Dynamic, Fuzzy Simulation Model for Reproduction of Mortality Curves
Andréia Alves dos Santos Schwaab and Paulo José de Freitas Filho (Federal University of Santa Catarina)

This paper presents the study and expansion of a dynamic simulation model for aging and death (Hargrove 1998), which contemplates the representation of physiological capacity and the generation of events of risk in the life of an individual. The study identified the most influential parameters in the results of the simulations and a health impact and recovery module was included. The simulation model incorporates a fuzzy module to treat uncertainty. The expansion conducted allowed adapting the results of the simulation to real mortality curves. The reproduction of mortality curves allowed the study of populations with similar characteristics as well as the factors that could influence their development. This is interesting principally because it is possible to calibrate parameters with risk values for diseases that have high associated costs for both public and private health plans.

A Simulation Model of HIV Treatment Under Drug Scarcity Constraints
Robert Koppenhaver (University of Pittsburgh)

We consider a population of HIV infected patients. In resource poor environments, decision makers must allocate antiretroviral drugs (ARVs) to patients in need of them the most. Further complicating matters is that once a patient is given ARVs, the decision maker must decide when to deny further access to ARVs. We compare various methods for determining which patients should receive ARVs and when to switch a patient off of ARVs. We examine the World Health Organization's (WHO) treatment recommendations and how the level of drug shortages can influence the performance of these recommendations. Instead of a single recommendation, the WHO offers three distinct treatment policies with no mention of when to use them. We find that the severity of drug shortages can greatly impact the performance of these policies and the performance gap can be as high as 1.4 years.

Controlling Direct-To-Consumer Advertising, Professional Promotion and The Price of Pharmaceutical Drugs
George W. Pasdirtz (University of Wisconsin-Madison)
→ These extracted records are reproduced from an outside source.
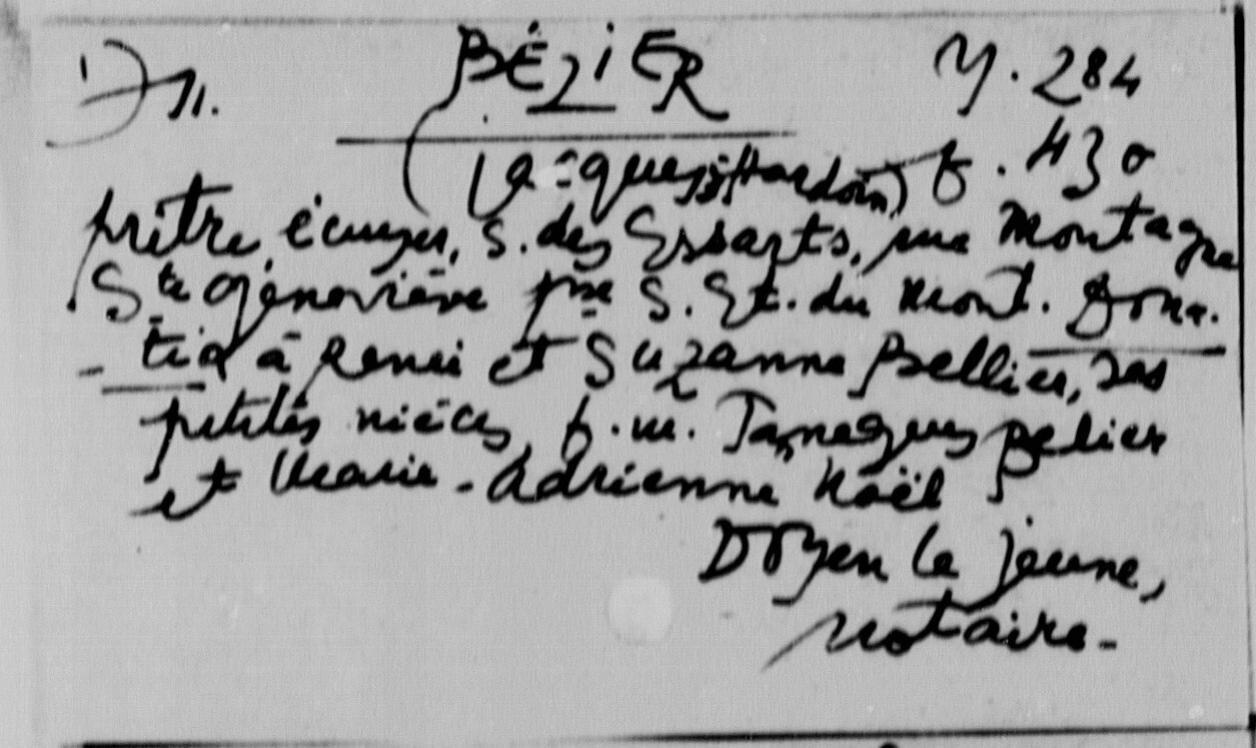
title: BÉLIER (Jacques-Hardoin)
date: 1711
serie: Y
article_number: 284
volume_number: fol. 430
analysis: Prêtre, écuyer, seigneur des Essarts, rue Montagne, Sainte-Geneviève paroisse Saint-Étienne-du-Mont. Donation à Renée et Suzanne Bellier, ses petites nièces, fille majeure Tanneguy Belier et Marie-Adrienne Noël. Doyen le jeune, notaire.
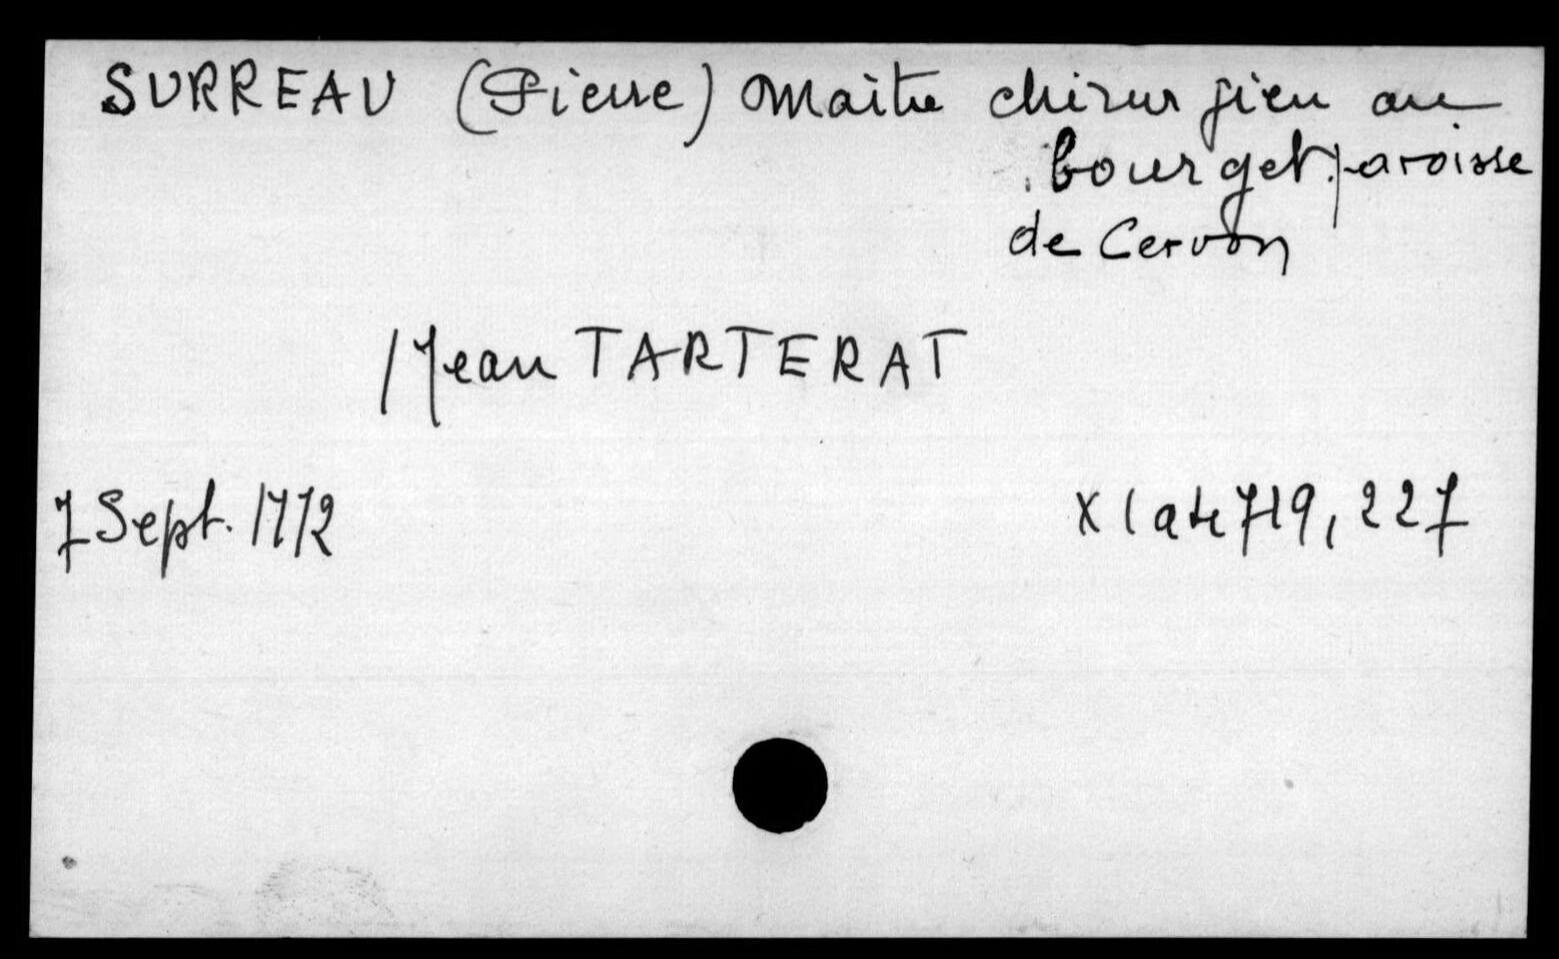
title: SURREAU (Pierre) Maître chirurgien au bourget paroisse de Cervon
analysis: Contre Jean TARTERAT
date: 7 septembre 1772
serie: X1a
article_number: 4719
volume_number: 227
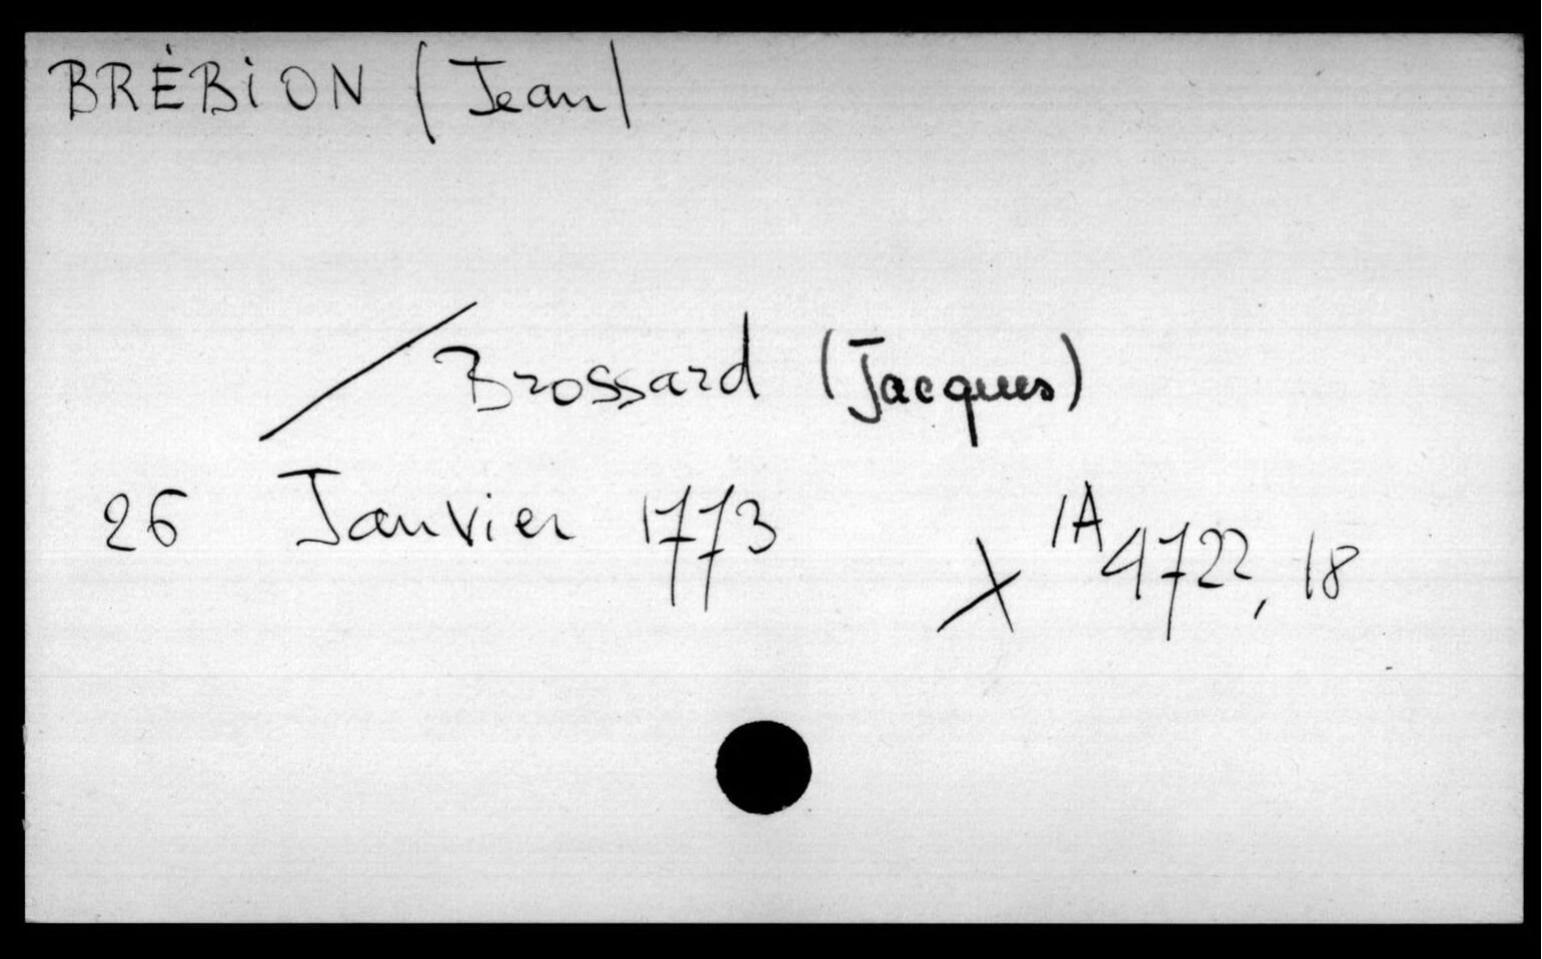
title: BRÉBION (Jean)
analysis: Contre Brossard (Jacques)
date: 26 janvier 1773
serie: X1A
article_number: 4722
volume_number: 18

Direct-to-consumer (DTC) advertising is the most visible and controversial part of contact between patients and the pharmaceutical manufacturers but it is only part of the current promotional mix. Advertising in medical journals, detailing and distribution of free samples are all used along with DTC advertising to induce product demand. In this paper, I exploit a new, detailed data set on pharmaceutical promotion to estimate two state space models: one model explains the dynamics of pharmaceutical promotion and another investigates the impact of pharmaceutical promotion on the market for pharmaceutical products. Simulation results suggest that limitations on professional detailing and free samples (not DTC advertising) could reduce cyclical instability of pharmaceutical promotion. However, the pharmaceutical market does not behave as a competitive market. As a result, promotional controls will reduce sales but not prices. Market failure suggests a range of interventions that might be applied to pharmaceutical pricing.